I love how the real story isn't about tech-it's about moms, mechanics, and students just trying to get paid. That’s the heart of it. Crypto isn't the future here. It's the present. And it's beautiful.
This is why America needs to stop coddling third-world economies. If they can't manage their own currency, they shouldn't be allowed to use ours. Crypto is just anarchy with better PR.
bro honestly i never thought about how hard it is to get paid from abroad if your bank just says no. crypto is like the only thing keeping people alive out there. mad respect
Let me just say, as someone who’s seen this in emerging markets before-this is textbook informal economic resilience. The CBDC is a predictable bureaucratic overreach. You can't regulate what doesn't exist on your ledger. Also, the 3G transaction failure rate is a fascinating case study in infrastructural adaptation.
It is my solemn duty to state, with the utmost formality, that the emergence of decentralized financial mechanisms in contexts of institutional collapse constitutes a profound and historically significant socio-economic phenomenon. One cannot help but admire the tenacity of the human spirit in the face of systemic dysfunction.
I think about the guy in Balochistan, trying to send USDT over a 3G connection that cuts out every time his phone gets warm. He’s not trying to get rich. He’s trying to feed his kids. And he’s doing it with a cracked screen and a dying battery. That’s not innovation. That’s heroism. And we don’t even know his name.

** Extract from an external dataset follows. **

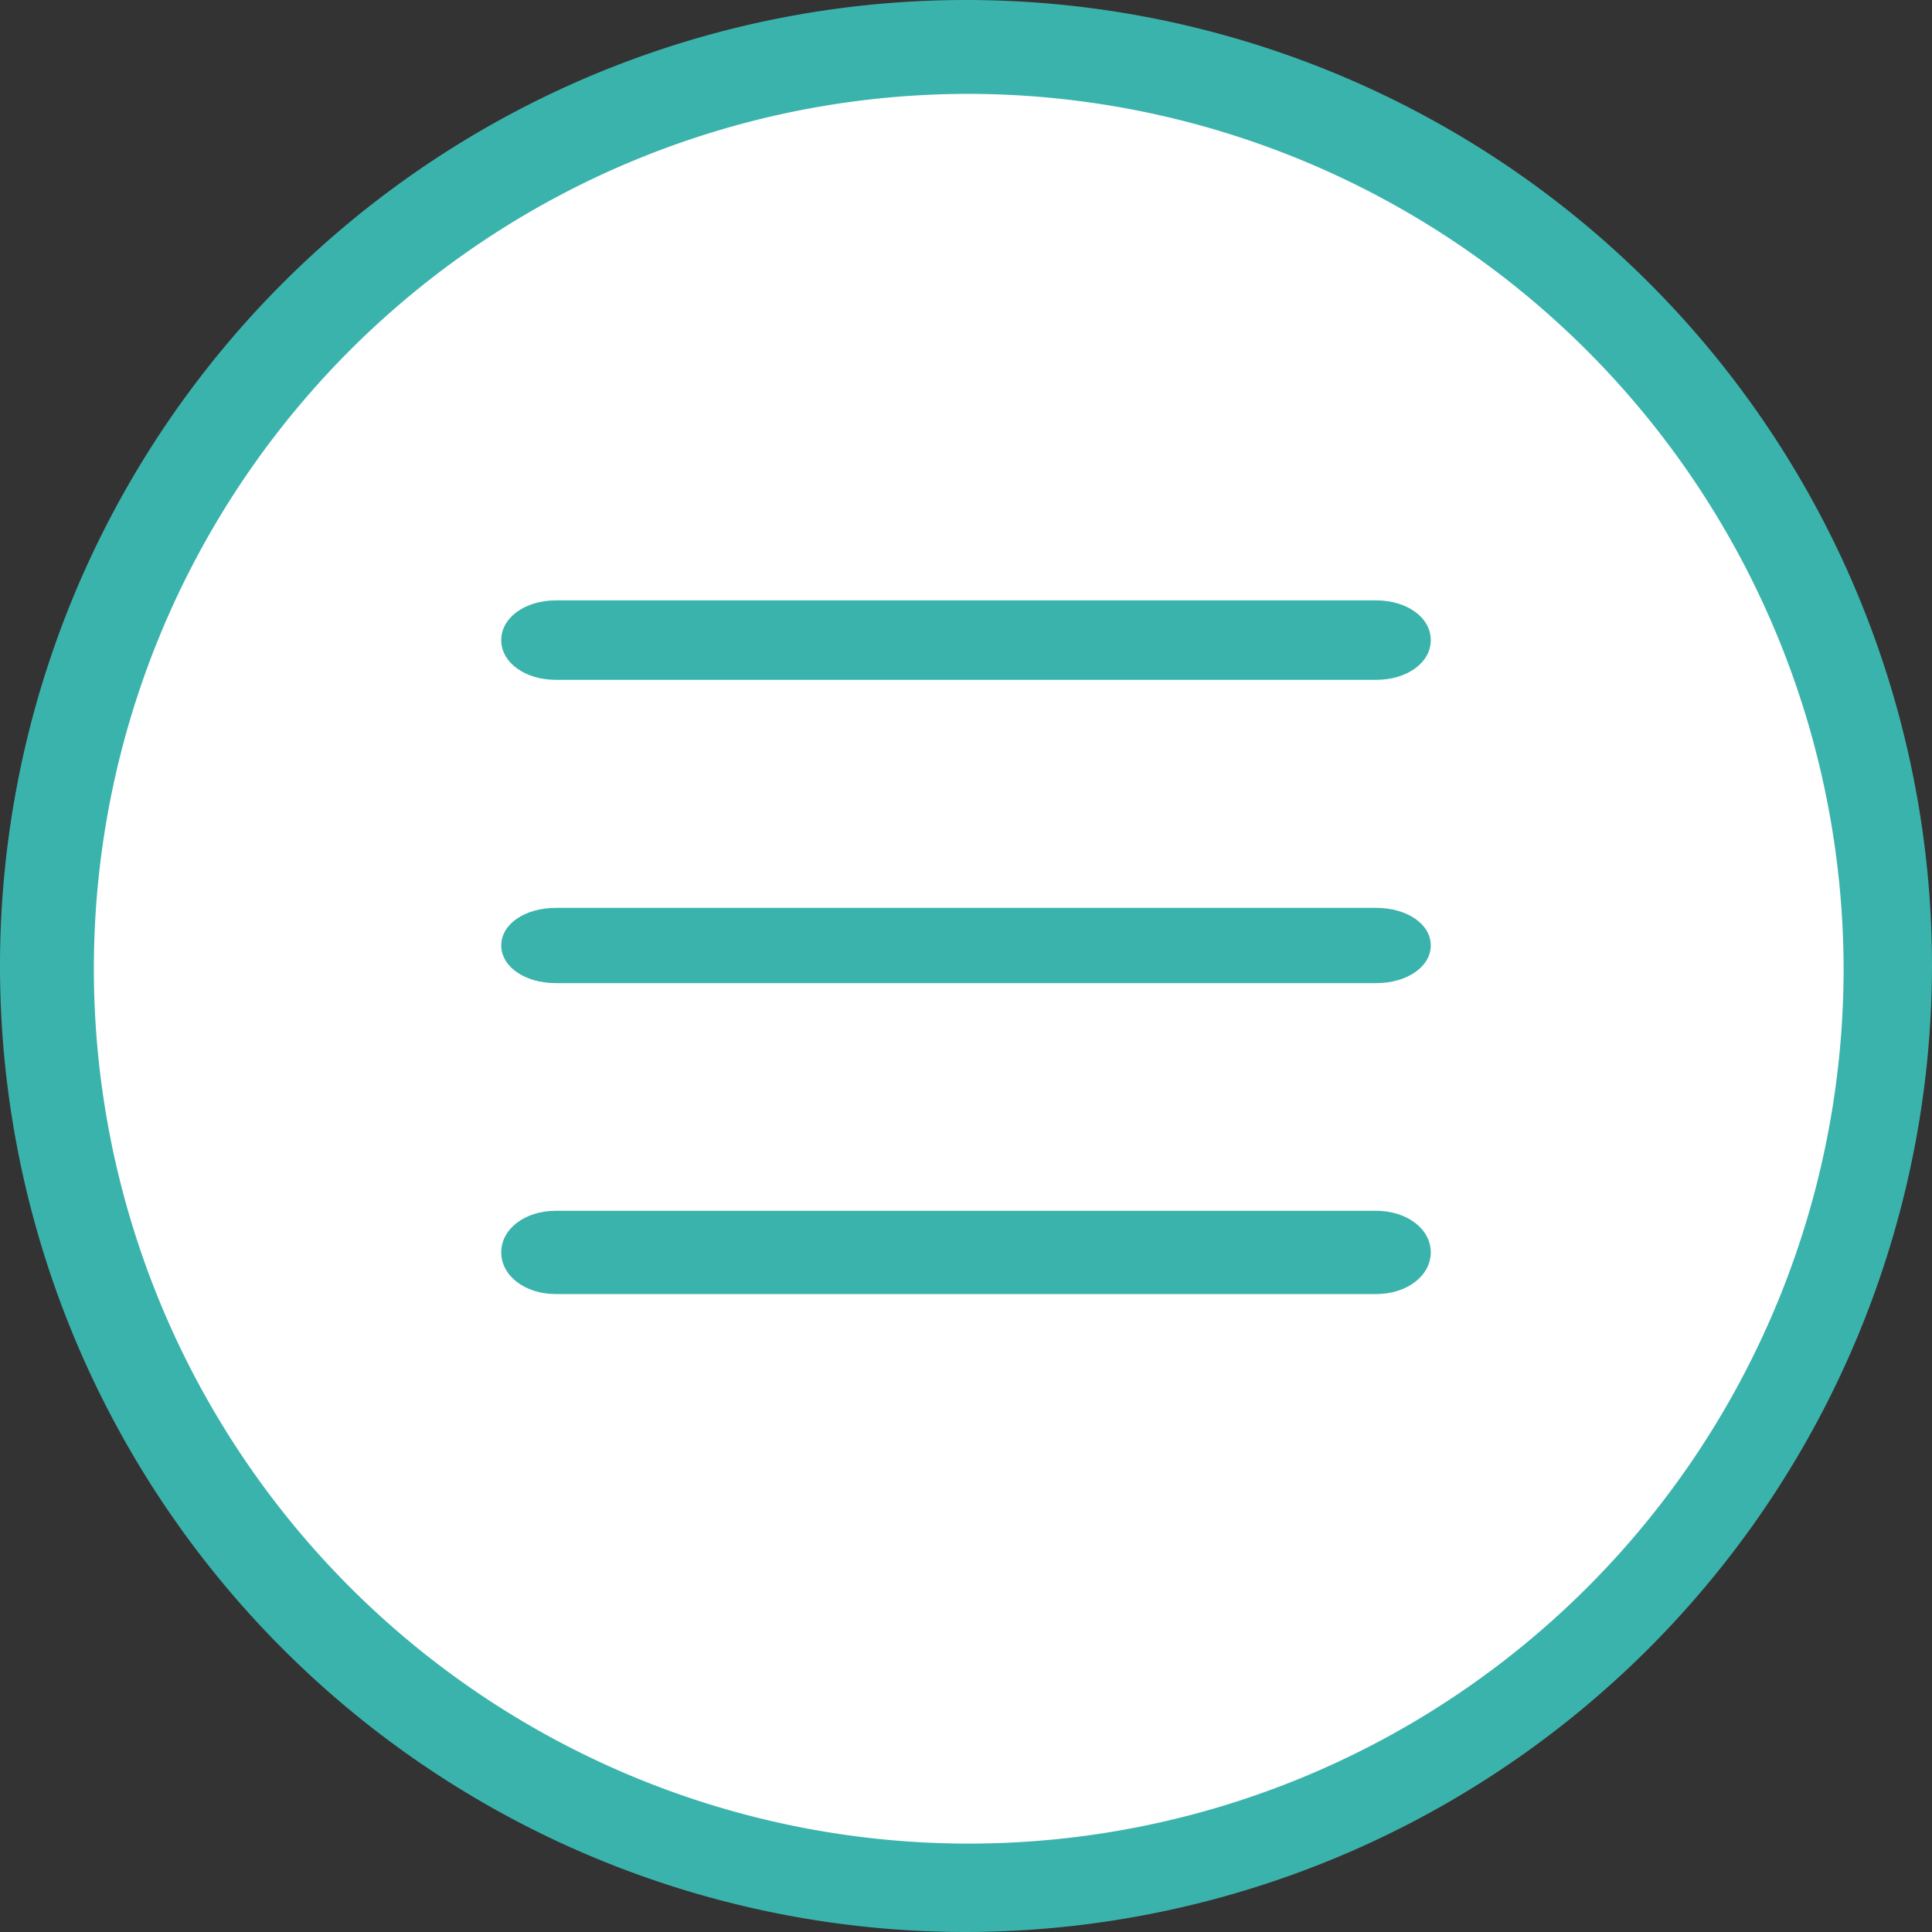 <svg xmlns="http://www.w3.org/2000/svg" viewBox="0 0 106 106"><rect x="0" y="0" width="106" height="106" fill="#333333" stroke="none"/><defs><style>.cls-1{fill:#fff;}.cls-2{fill:#3bb3ad;}</style></defs><g id="Layer_2" data-name="Layer 2"><g id="Layer_1-2" data-name="Layer 1"><g id="surface2832016"><path class="cls-1" d="M53,3a50,50,0,1,0,50,50A50,50,0,0,0,53,3Z"/><path class="cls-2" d="M53,106a53,53,0,1,1,53-53A53.09,53.09,0,0,1,53,106ZM53.15,5.15a48,48,0,1,0,48,48A48.08,48.08,0,0,0,53.15,5.15Z"/><path class="cls-2" d="M75.5,37.3h-45c-1.7,0-3-.95-3-2.18s1.3-2.18,3-2.18h45c1.7,0,3,.94,3,2.18S77.2,37.3,75.5,37.3Zm0,16.64h-45c-1.7,0-3-.9-3-2.07s1.3-2.06,3-2.06h45c1.7,0,3,.89,3,2.06S77.2,53.94,75.5,53.94Z"/><path class="cls-2" d="M75.5,71h-45c-1.7,0-3-1-3-2.29s1.3-2.28,3-2.28h45c1.7,0,3,1,3,2.28S77.2,71,75.5,71Z"/></g></g></g></svg>

I’m not convinced this isn’t just a regulatory arbitrage play. The fact that 60% use it for payments doesn’t mean it’s ethical. It means the state failed. And now people are using a black market to patch a hole in the system. That’s not freedom-that’s desperation dressed up in blockchain.
You people are naive. This isn't 'grassroots innovation.' This is an economic free-for-all. No oversight. No accountability. Just chaos. And when it collapses, who gets blamed? The West? The US? No. The people who tried to help. This is why we can't have nice things.
The emotional weight of this piece is undeniable. To witness entire communities constructing alternative financial ecosystems out of sheer necessity-while governments remain paralyzed-is both moving and terrifying. One cannot help but feel the gravity of human resilience in the absence of institutional support.
It’s not about crypto. It’s about dignity. When you can’t trust your own currency or your own banks, the only thing left is autonomy. And that’s worth more than any policy.